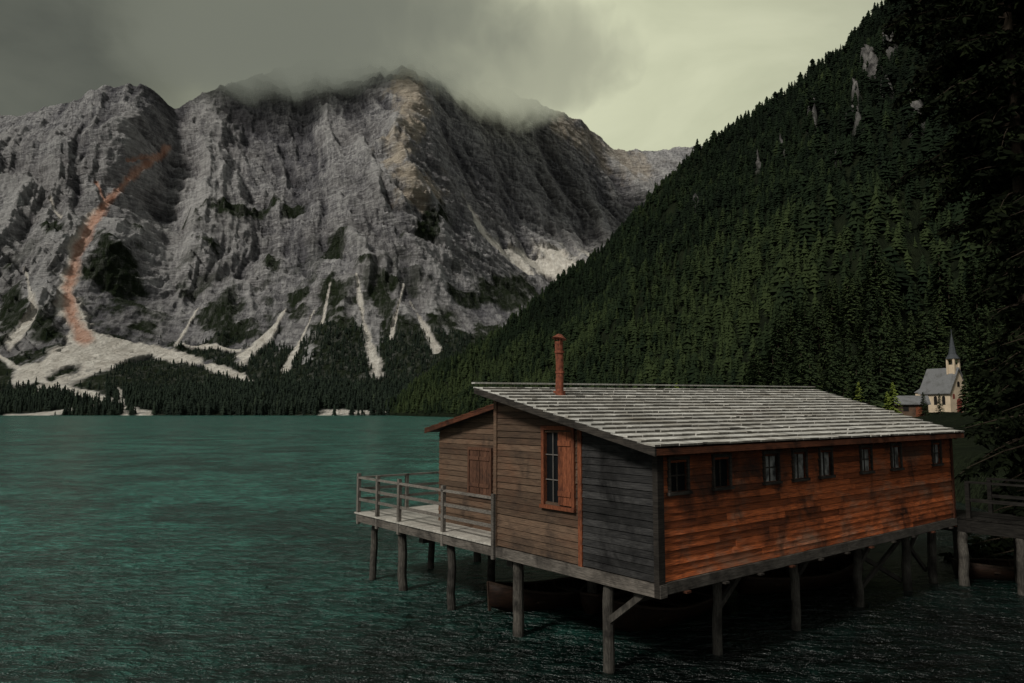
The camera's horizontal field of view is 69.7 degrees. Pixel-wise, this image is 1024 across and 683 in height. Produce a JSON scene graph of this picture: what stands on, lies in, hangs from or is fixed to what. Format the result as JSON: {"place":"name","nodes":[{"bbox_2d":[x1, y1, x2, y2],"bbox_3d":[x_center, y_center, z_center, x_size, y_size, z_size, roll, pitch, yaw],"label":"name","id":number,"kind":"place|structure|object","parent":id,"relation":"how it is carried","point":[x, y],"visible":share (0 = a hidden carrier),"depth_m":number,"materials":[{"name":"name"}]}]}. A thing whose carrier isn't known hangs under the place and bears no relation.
{"place":"outdoors","nodes":[
{"label":"outdoors","id":0,"kind":"place"},
{"bbox_2d":[0,53,701,414],"bbox_3d":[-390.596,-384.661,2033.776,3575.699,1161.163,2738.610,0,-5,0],"label":"mountain","id":1,"kind":"structure","parent":0,"point":[296,203],"depth_m":1393.22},
{"bbox_2d":[0,319,471,415],"bbox_3d":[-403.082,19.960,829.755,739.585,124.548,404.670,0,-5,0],"label":"forest","id":2,"kind":"object","parent":1,"relation":"on","point":[287,395],"visible":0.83,"depth_m":714.46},
{"bbox_2d":[0,0,883,150],"label":"sky","id":3,"kind":"structure","parent":0,"point":[648,75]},
{"bbox_2d":[0,415,1023,682],"bbox_3d":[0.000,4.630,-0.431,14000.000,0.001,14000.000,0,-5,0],"label":"water","id":4,"kind":"structure","parent":0,"point":[184,547],"depth_m":18.50,"materials":[{"name":"liquid"}]},
{"bbox_2d":[487,576,621,611],"bbox_3d":[1.392,6.060,18.061,4.675,0.884,1.404,3,-6,-33],"label":"rowboat","id":5,"kind":"object","parent":4,"relation":"on","point":[552,593],"visible":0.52,"depth_m":17.12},
{"bbox_2d":[354,334,964,673],"bbox_3d":[4.305,4.399,20.476,14.079,8.347,11.240,4,-7,-38],"label":"boathouse","id":6,"kind":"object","parent":4,"relation":"in","point":[643,494],"visible":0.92,"depth_m":15.20,"materials":[{"name":"brown wood"}]},
{"bbox_2d":[467,447,492,495],"bbox_3d":[-0.783,3.145,17.739,0.080,1.170,0.980,4,-7,-38],"label":"shutter","id":7,"kind":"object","parent":6,"relation":"in","point":[479,459],"depth_m":17.72,"materials":[{"name":"brown wood"}]},
{"bbox_2d":[539,425,576,512],"bbox_3d":[0.898,2.451,14.286,0.130,1.610,0.990,4,-7,-38],"label":"window","id":8,"kind":"structure","parent":6,"relation":"in","point":[558,464],"depth_m":14.23,"materials":[{"name":"brown wood"}]},
{"bbox_2d":[666,455,692,495],"bbox_3d":[2.879,2.315,12.720,0.610,0.660,0.120,4,-7,-38],"label":"window","id":9,"kind":"structure","parent":6,"relation":"in","point":[675,472],"depth_m":12.74,"materials":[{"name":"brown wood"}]},
{"bbox_2d":[711,453,734,490],"bbox_3d":[3.848,2.387,13.491,0.610,0.660,0.120,4,-7,-38],"label":"window","id":10,"kind":"structure","parent":6,"relation":"in","point":[719,467],"depth_m":13.52,"materials":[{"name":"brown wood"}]},
{"bbox_2d":[760,450,782,484],"bbox_3d":[5.112,2.481,14.500,0.610,0.660,0.120,4,-7,-38],"label":"window","id":11,"kind":"structure","parent":6,"relation":"in","point":[769,472],"depth_m":14.54,"materials":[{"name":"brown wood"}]},
{"bbox_2d":[790,448,810,481],"bbox_3d":[5.925,2.541,15.146,0.610,0.660,0.120,4,-7,-38],"label":"window","id":12,"kind":"structure","parent":6,"relation":"in","point":[797,460],"depth_m":15.18,"materials":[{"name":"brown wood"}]},
{"bbox_2d":[817,447,835,478],"bbox_3d":[6.737,2.602,15.793,0.610,0.660,0.120,4,-7,-38],"label":"window","id":13,"kind":"structure","parent":6,"relation":"in","point":[823,458],"depth_m":15.83,"materials":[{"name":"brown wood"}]},
{"bbox_2d":[858,444,874,474],"bbox_3d":[8.142,2.706,16.912,0.610,0.660,0.120,4,-7,-38],"label":"window","id":14,"kind":"structure","parent":6,"relation":"in","point":[864,462],"depth_m":16.96,"materials":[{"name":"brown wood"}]},
{"bbox_2d":[889,442,904,470],"bbox_3d":[9.329,2.794,17.858,0.610,0.660,0.120,4,-7,-38],"label":"window","id":15,"kind":"structure","parent":6,"relation":"in","point":[894,451],"depth_m":17.90,"materials":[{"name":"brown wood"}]},
{"bbox_2d":[931,440,943,465],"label":"window","id":16,"kind":"structure","parent":6,"relation":"in","point":[934,448],"depth_m":19.35,"materials":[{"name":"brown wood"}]},
{"bbox_2d":[614,580,731,631],"bbox_3d":[3.675,5.944,16.814,1.404,0.884,4.675,-5,-7,44],"label":"rowboat","id":17,"kind":"object","parent":4,"relation":"on","point":[650,614],"visible":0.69,"depth_m":15.89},
{"bbox_2d":[735,549,862,593],"bbox_3d":[7.865,6.219,19.770,4.675,0.884,1.404,3,-6,-27],"label":"rowboat","id":18,"kind":"object","parent":4,"relation":"on","point":[833,570],"visible":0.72,"depth_m":19.36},
{"bbox_2d":[940,478,1023,595],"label":"pier","id":19,"kind":"structure","parent":4,"relation":"in","point":[990,522],"depth_m":19.52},
{"bbox_2d":[951,558,1014,580],"bbox_3d":[14.771,6.280,20.417,4.675,0.884,1.404,0,-5,4],"label":"rowboat","id":20,"kind":"object","parent":4,"relation":"on","point":[992,569],"visible":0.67,"depth_m":20.22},
{"bbox_2d":[389,4,1023,512],"bbox_3d":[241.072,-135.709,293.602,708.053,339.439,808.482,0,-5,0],"label":"hill","id":21,"kind":"structure","parent":0,"point":[965,452],"depth_m":235.00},
{"bbox_2d":[385,0,1019,414],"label":"forest","id":22,"kind":"object","parent":21,"relation":"on","point":[611,292],"visible":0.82,"depth_m":353.12,"materials":[{"name":"plant"}]},
{"bbox_2d":[745,349,762,388],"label":"spruce tree","id":23,"kind":"object","parent":21,"relation":"on","point":[753,356],"visible":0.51,"depth_m":199.57,"materials":[{"name":"green plant"}]},
{"bbox_2d":[746,354,766,388],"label":"spruce tree","id":24,"kind":"object","parent":21,"relation":"on","point":[758,363],"visible":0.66,"depth_m":193.01,"materials":[{"name":"green plant"}]},
{"bbox_2d":[760,341,781,388],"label":"spruce tree","id":25,"kind":"object","parent":21,"relation":"on","point":[770,361],"visible":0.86,"depth_m":190.26,"materials":[{"name":"green plant"}]},
{"bbox_2d":[765,317,785,363],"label":"spruce tree","id":26,"kind":"object","parent":21,"relation":"on","point":[776,337],"visible":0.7,"depth_m":197.87,"materials":[{"name":"green plant"}]},
{"bbox_2d":[776,312,789,346],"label":"spruce tree","id":27,"kind":"object","parent":21,"relation":"on","point":[782,323],"visible":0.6,"depth_m":200.62,"materials":[{"name":"green plant"}]},
{"bbox_2d":[779,367,789,388],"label":"spruce tree","id":28,"kind":"object","parent":21,"relation":"on","point":[783,377],"visible":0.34,"depth_m":173.22,"materials":[{"name":"green plant"}]},
{"bbox_2d":[785,303,797,342],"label":"spruce tree","id":29,"kind":"object","parent":21,"relation":"on","point":[790,322],"visible":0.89,"depth_m":200.13,"materials":[{"name":"green plant"}]},
{"bbox_2d":[785,336,808,385],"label":"spruce tree","id":30,"kind":"object","parent":21,"relation":"on","point":[797,348],"visible":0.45,"depth_m":176.45,"materials":[{"name":"green plant"}]},
{"bbox_2d":[786,340,814,388],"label":"spruce tree","id":31,"kind":"object","parent":21,"relation":"on","point":[801,362],"visible":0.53,"depth_m":163.51,"materials":[{"name":"green plant"}]},
{"bbox_2d":[791,302,813,349],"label":"spruce tree","id":32,"kind":"object","parent":21,"relation":"on","point":[803,324],"visible":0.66,"depth_m":188.89,"materials":[{"name":"green plant"}]},
{"bbox_2d":[800,293,815,333],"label":"spruce tree","id":33,"kind":"object","parent":21,"relation":"on","point":[805,298],"visible":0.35,"depth_m":194.99,"materials":[{"name":"green plant"}]},
{"bbox_2d":[796,352,823,390],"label":"spruce tree","id":34,"kind":"object","parent":21,"relation":"on","point":[811,369],"visible":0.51,"depth_m":156.27,"materials":[{"name":"green plant"}]},
{"bbox_2d":[805,303,832,352],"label":"spruce tree","id":35,"kind":"object","parent":21,"relation":"on","point":[820,318],"visible":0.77,"depth_m":184.79,"materials":[{"name":"green plant"}]},
{"bbox_2d":[813,320,830,368],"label":"spruce tree","id":36,"kind":"object","parent":21,"relation":"on","point":[824,351],"visible":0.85,"depth_m":176.36,"materials":[{"name":"green plant"}]},
{"bbox_2d":[820,343,840,387],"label":"spruce tree","id":37,"kind":"object","parent":21,"relation":"on","point":[834,347],"visible":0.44,"depth_m":165.49,"materials":[{"name":"green plant"}]},
{"bbox_2d":[821,353,840,395],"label":"spruce tree","id":38,"kind":"object","parent":21,"relation":"on","point":[830,362],"visible":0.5,"depth_m":142.44,"materials":[{"name":"green plant"}]},
{"bbox_2d":[831,299,842,335],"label":"spruce tree","id":39,"kind":"object","parent":21,"relation":"on","point":[838,312],"visible":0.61,"depth_m":187.89,"materials":[{"name":"green plant"}]},
{"bbox_2d":[832,283,846,323],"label":"spruce tree","id":40,"kind":"object","parent":21,"relation":"on","point":[836,291],"visible":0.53,"depth_m":192.42,"materials":[{"name":"green plant"}]},
{"bbox_2d":[832,358,851,397],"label":"spruce tree","id":41,"kind":"object","parent":21,"relation":"on","point":[842,376],"visible":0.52,"depth_m":131.16,"materials":[{"name":"green plant"}]},
{"bbox_2d":[839,316,851,345],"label":"spruce tree","id":42,"kind":"object","parent":21,"relation":"on","point":[844,335],"visible":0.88,"depth_m":179.83,"materials":[{"name":"green plant"}]},
{"bbox_2d":[839,380,852,398],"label":"spruce tree","id":43,"kind":"object","parent":21,"relation":"on","point":[847,390],"visible":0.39,"depth_m":126.58,"materials":[{"name":"green plant"}]},
{"bbox_2d":[834,276,859,337],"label":"spruce tree","id":44,"kind":"object","parent":21,"relation":"on","point":[847,284],"visible":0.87,"depth_m":182.95,"materials":[{"name":"green plant"}]},
{"bbox_2d":[845,354,853,376],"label":"spruce tree","id":45,"kind":"object","parent":21,"relation":"on","point":[849,365],"visible":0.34,"depth_m":150.84,"materials":[{"name":"green plant"}]},
{"bbox_2d":[842,278,864,324],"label":"spruce tree","id":46,"kind":"object","parent":21,"relation":"on","point":[854,290],"visible":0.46,"depth_m":186.36,"materials":[{"name":"green plant"}]},
{"bbox_2d":[849,271,860,309],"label":"spruce tree","id":47,"kind":"object","parent":21,"relation":"on","point":[853,276],"visible":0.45,"depth_m":190.93,"materials":[{"name":"green plant"}]},
{"bbox_2d":[848,355,865,400],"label":"spruce tree","id":48,"kind":"object","parent":21,"relation":"on","point":[857,374],"visible":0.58,"depth_m":122.23,"materials":[{"name":"green plant"}]},
{"bbox_2d":[850,296,865,330],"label":"spruce tree","id":49,"kind":"object","parent":21,"relation":"on","point":[859,306],"visible":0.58,"depth_m":182.53,"materials":[{"name":"green plant"}]},
{"bbox_2d":[856,278,865,305],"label":"spruce tree","id":50,"kind":"object","parent":21,"relation":"on","point":[859,286],"visible":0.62,"depth_m":191.98,"materials":[{"name":"green plant"}]},
{"bbox_2d":[852,292,879,347],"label":"spruce tree","id":51,"kind":"object","parent":21,"relation":"on","point":[867,307],"visible":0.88,"depth_m":171.96,"materials":[{"name":"green plant"}]},
{"bbox_2d":[857,329,876,378],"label":"spruce tree","id":52,"kind":"object","parent":21,"relation":"on","point":[863,343],"visible":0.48,"depth_m":159.11,"materials":[{"name":"green plant"}]},
{"bbox_2d":[854,364,884,407],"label":"spruce tree","id":53,"kind":"object","parent":21,"relation":"on","point":[869,390],"visible":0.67,"depth_m":107.97,"materials":[{"name":"green plant"}]},
{"bbox_2d":[861,268,883,310],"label":"spruce tree","id":54,"kind":"object","parent":21,"relation":"on","point":[870,285],"visible":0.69,"depth_m":186.90,"materials":[{"name":"green plant"}]},
{"bbox_2d":[871,289,880,325],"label":"spruce tree","id":55,"kind":"object","parent":21,"relation":"on","point":[876,301],"visible":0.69,"depth_m":179.43,"materials":[{"name":"green plant"}]},
{"bbox_2d":[860,235,891,300],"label":"spruce tree","id":56,"kind":"object","parent":21,"relation":"on","point":[874,250],"visible":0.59,"depth_m":190.84,"materials":[{"name":"green plant"}]},
{"bbox_2d":[873,263,885,306],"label":"spruce tree","id":57,"kind":"object","parent":21,"relation":"on","point":[876,276],"visible":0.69,"depth_m":187.19,"materials":[{"name":"green plant"}]},
{"bbox_2d":[870,342,893,409],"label":"spruce tree","id":58,"kind":"object","parent":21,"relation":"on","point":[879,380],"visible":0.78,"depth_m":133.95,"materials":[{"name":"green plant"}]},
{"bbox_2d":[872,299,891,332],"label":"spruce tree","id":59,"kind":"object","parent":21,"relation":"on","point":[880,309],"visible":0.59,"depth_m":177.12,"materials":[{"name":"green plant"}]},
{"bbox_2d":[867,327,899,402],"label":"spruce tree","id":60,"kind":"object","parent":21,"relation":"on","point":[879,338],"visible":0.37,"depth_m":138.01,"materials":[{"name":"green plant"}]},
{"bbox_2d":[873,261,894,309],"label":"spruce tree","id":61,"kind":"object","parent":21,"relation":"on","point":[882,275],"visible":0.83,"depth_m":186.57,"materials":[{"name":"green plant"}]},
{"bbox_2d":[875,313,896,362],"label":"spruce tree","id":62,"kind":"object","parent":21,"relation":"on","point":[883,321],"visible":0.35,"depth_m":167.16,"materials":[{"name":"green plant"}]},
{"bbox_2d":[875,262,897,304],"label":"spruce tree","id":63,"kind":"object","parent":21,"relation":"on","point":[886,286],"visible":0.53,"depth_m":187.68,"materials":[{"name":"green plant"}]},
{"bbox_2d":[877,325,899,375],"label":"spruce tree","id":64,"kind":"object","parent":21,"relation":"on","point":[886,335],"visible":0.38,"depth_m":161.47,"materials":[{"name":"green plant"}]},
{"bbox_2d":[884,290,897,321],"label":"spruce tree","id":65,"kind":"object","parent":21,"relation":"on","point":[889,300],"visible":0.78,"depth_m":183.92,"materials":[{"name":"green plant"}]},
{"bbox_2d":[884,308,900,356],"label":"spruce tree","id":66,"kind":"object","parent":21,"relation":"on","point":[887,318],"visible":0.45,"depth_m":169.36,"materials":[{"name":"green plant"}]},
{"bbox_2d":[880,344,908,410],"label":"spruce tree","id":67,"kind":"object","parent":21,"relation":"on","point":[893,369],"visible":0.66,"depth_m":134.82,"materials":[{"name":"green plant"}]},
{"bbox_2d":[885,382,904,415],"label":"larch tree","id":68,"kind":"object","parent":21,"relation":"on","point":[893,396],"visible":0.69,"depth_m":87.64,"materials":[{"name":"green plant"}]},
{"bbox_2d":[886,265,904,309],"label":"spruce tree","id":69,"kind":"object","parent":21,"relation":"on","point":[894,289],"visible":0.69,"depth_m":188.71,"materials":[{"name":"green plant"}]},
{"bbox_2d":[885,264,905,310],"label":"spruce tree","id":70,"kind":"object","parent":21,"relation":"on","point":[889,273],"visible":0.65,"depth_m":189.04,"materials":[{"name":"green plant"}]},
{"bbox_2d":[889,326,902,366],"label":"spruce tree","id":71,"kind":"object","parent":21,"relation":"on","point":[894,336],"visible":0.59,"depth_m":168.41,"materials":[{"name":"green plant"}]},
{"bbox_2d":[894,320,905,360],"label":"spruce tree","id":72,"kind":"object","parent":21,"relation":"on","point":[897,330],"visible":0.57,"depth_m":172.63,"materials":[{"name":"green plant"}]},
{"bbox_2d":[898,347,918,395],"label":"spruce tree","id":73,"kind":"object","parent":21,"relation":"on","point":[909,380],"visible":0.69,"depth_m":137.06,"materials":[{"name":"green plant"}]},
{"bbox_2d":[901,328,917,368],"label":"spruce tree","id":74,"kind":"object","parent":21,"relation":"on","point":[908,339],"visible":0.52,"depth_m":168.38,"materials":[{"name":"green plant"}]},
{"bbox_2d":[892,396,930,416],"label":"cabin","id":75,"kind":"object","parent":21,"relation":"on","point":[910,406],"visible":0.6,"depth_m":105.22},
{"bbox_2d":[903,312,919,352],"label":"spruce tree","id":76,"kind":"object","parent":21,"relation":"on","point":[910,326],"visible":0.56,"depth_m":175.76,"materials":[{"name":"green plant"}]},
{"bbox_2d":[907,352,920,391],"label":"spruce tree","id":77,"kind":"object","parent":21,"relation":"on","point":[912,360],"visible":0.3,"depth_m":152.22,"materials":[{"name":"green plant"}]},
{"bbox_2d":[910,355,924,395],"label":"spruce tree","id":78,"kind":"object","parent":21,"relation":"on","point":[918,364],"visible":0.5,"depth_m":143.30,"materials":[{"name":"green plant"}]},
{"bbox_2d":[913,305,923,332],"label":"spruce tree","id":79,"kind":"object","parent":21,"relation":"on","point":[918,311],"visible":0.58,"depth_m":186.78,"materials":[{"name":"green plant"}]},
{"bbox_2d":[914,349,934,394],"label":"spruce tree","id":80,"kind":"object","parent":21,"relation":"on","point":[927,354],"visible":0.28,"depth_m":149.62,"materials":[{"name":"green plant"}]},
{"bbox_2d":[918,392,930,416],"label":"spruce tree","id":81,"kind":"object","parent":21,"relation":"on","point":[923,400],"visible":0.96,"depth_m":103.56,"materials":[{"name":"green plant"}]},
{"bbox_2d":[912,310,943,367],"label":"spruce tree","id":82,"kind":"object","parent":21,"relation":"on","point":[927,336],"visible":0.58,"depth_m":171.80,"materials":[{"name":"green plant"}]},
{"bbox_2d":[926,348,936,368],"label":"spruce tree","id":83,"kind":"object","parent":21,"relation":"on","point":[932,360],"visible":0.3,"depth_m":135.34,"materials":[{"name":"green plant"}]},
{"bbox_2d":[922,309,944,352],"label":"spruce tree","id":84,"kind":"object","parent":21,"relation":"on","point":[932,317],"visible":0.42,"depth_m":178.70,"materials":[{"name":"green plant"}]},
{"bbox_2d":[927,315,948,364],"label":"spruce tree","id":85,"kind":"object","parent":21,"relation":"on","point":[939,334],"visible":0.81,"depth_m":172.69,"materials":[{"name":"green plant"}]},
{"bbox_2d":[922,253,956,321],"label":"spruce tree","id":86,"kind":"object","parent":21,"relation":"on","point":[938,265],"visible":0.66,"depth_m":187.41,"materials":[{"name":"green plant"}]},
{"bbox_2d":[934,393,945,414],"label":"spruce tree","id":87,"kind":"object","parent":21,"relation":"on","point":[939,405],"visible":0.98,"depth_m":99.59,"materials":[{"name":"green plant"}]},
{"bbox_2d":[914,331,967,411],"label":"chapel","id":88,"kind":"structure","parent":21,"relation":"on","point":[945,383],"depth_m":123.15,"materials":[{"name":"paint"}]},
{"bbox_2d":[933,289,950,335],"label":"spruce tree","id":89,"kind":"object","parent":21,"relation":"on","point":[940,304],"visible":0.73,"depth_m":181.66,"materials":[{"name":"green plant"}]},
{"bbox_2d":[933,272,958,324],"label":"spruce tree","id":90,"kind":"object","parent":21,"relation":"on","point":[948,289],"visible":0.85,"depth_m":183.09,"materials":[{"name":"green plant"}]},
{"bbox_2d":[878,0,1023,349],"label":"conifer tree","id":91,"kind":"object","parent":21,"relation":"on","point":[929,44],"visible":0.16,"depth_m":40.73,"materials":[{"name":"green plant"}]},
{"bbox_2d":[880,0,1023,483],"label":"conifer tree","id":92,"kind":"object","parent":21,"relation":"on","point":[1000,79],"visible":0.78,"depth_m":31.93,"materials":[{"name":"green plant"}]},
{"bbox_2d":[952,304,966,348],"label":"spruce tree","id":93,"kind":"object","parent":21,"relation":"on","point":[959,326],"visible":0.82,"depth_m":170.10,"materials":[{"name":"green plant"}]},
{"bbox_2d":[950,278,971,328],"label":"spruce tree","id":94,"kind":"object","parent":21,"relation":"on","point":[960,287],"visible":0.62,"depth_m":177.18,"materials":[{"name":"green plant"}]},
{"bbox_2d":[956,296,971,339],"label":"spruce tree","id":95,"kind":"object","parent":21,"relation":"on","point":[966,328],"visible":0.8,"depth_m":171.65,"materials":[{"name":"green plant"}]},
{"bbox_2d":[956,375,975,411],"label":"spruce tree","id":96,"kind":"object","parent":21,"relation":"on","point":[965,394],"visible":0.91,"depth_m":97.68,"materials":[{"name":"green plant"}]},
{"bbox_2d":[960,351,973,400],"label":"spruce tree","id":97,"kind":"object","parent":21,"relation":"on","point":[962,361],"visible":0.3,"depth_m":134.23,"materials":[{"name":"green plant"}]},
{"bbox_2d":[958,346,978,411],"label":"spruce tree","id":98,"kind":"object","parent":21,"relation":"on","point":[969,373],"visible":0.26,"depth_m":105.20,"materials":[{"name":"green plant"}]},
{"bbox_2d":[920,1,1020,219],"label":"conifer tree","id":99,"kind":"object","parent":21,"relation":"on","point":[988,195],"visible":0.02,"depth_m":51.73,"materials":[{"name":"green plant"}]},
{"bbox_2d":[962,256,980,307],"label":"spruce tree","id":100,"kind":"object","parent":21,"relation":"on","point":[974,264],"visible":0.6,"depth_m":178.55,"materials":[{"name":"green plant"}]},
{"bbox_2d":[964,248,978,292],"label":"spruce tree","id":101,"kind":"object","parent":21,"relation":"on","point":[971,254],"visible":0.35,"depth_m":183.62,"materials":[{"name":"green plant"}]},
{"bbox_2d":[962,277,988,326],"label":"spruce tree","id":102,"kind":"object","parent":21,"relation":"on","point":[976,308],"visible":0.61,"depth_m":170.63,"materials":[{"name":"green plant"}]},
{"bbox_2d":[961,324,990,411],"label":"spruce tree","id":103,"kind":"object","parent":21,"relation":"on","point":[974,358],"visible":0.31,"depth_m":98.42,"materials":[{"name":"green plant"}]},
{"bbox_2d":[958,316,994,430],"bbox_3d":[37.794,2.606,58.458,3.955,9.286,3.807,0,-5,-3],"label":"spruce tree","id":104,"kind":"object","parent":21,"relation":"on","point":[985,390],"visible":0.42,"depth_m":58.44,"materials":[{"name":"green plant"}]},
{"bbox_2d":[938,192,1023,566],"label":"conifer tree","id":105,"kind":"object","parent":21,"relation":"on","point":[1013,451],"visible":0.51,"depth_m":22.21,"materials":[{"name":"green plant"}]},
{"bbox_2d":[980,249,995,307],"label":"spruce tree","id":106,"kind":"object","parent":21,"relation":"on","point":[987,260],"visible":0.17,"depth_m":170.72,"materials":[{"name":"green plant"}]},
{"bbox_2d":[978,331,1013,426],"bbox_3d":[37.423,3.126,56.809,3.013,8.021,2.669,-2,-6,24],"label":"spruce tree","id":107,"kind":"object","parent":21,"relation":"on","point":[995,334],"visible":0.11,"depth_m":56.87,"materials":[{"name":"green plant"}]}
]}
· · ·
- _DESCRIPTION OF THE TASK_
Wherever a line of the entries holds the string "outdoors", copy that line.

- _RESPONSE AREA_
{"place":"outdoors","nodes":[
{"label":"outdoors","id":0,"kind":"place"},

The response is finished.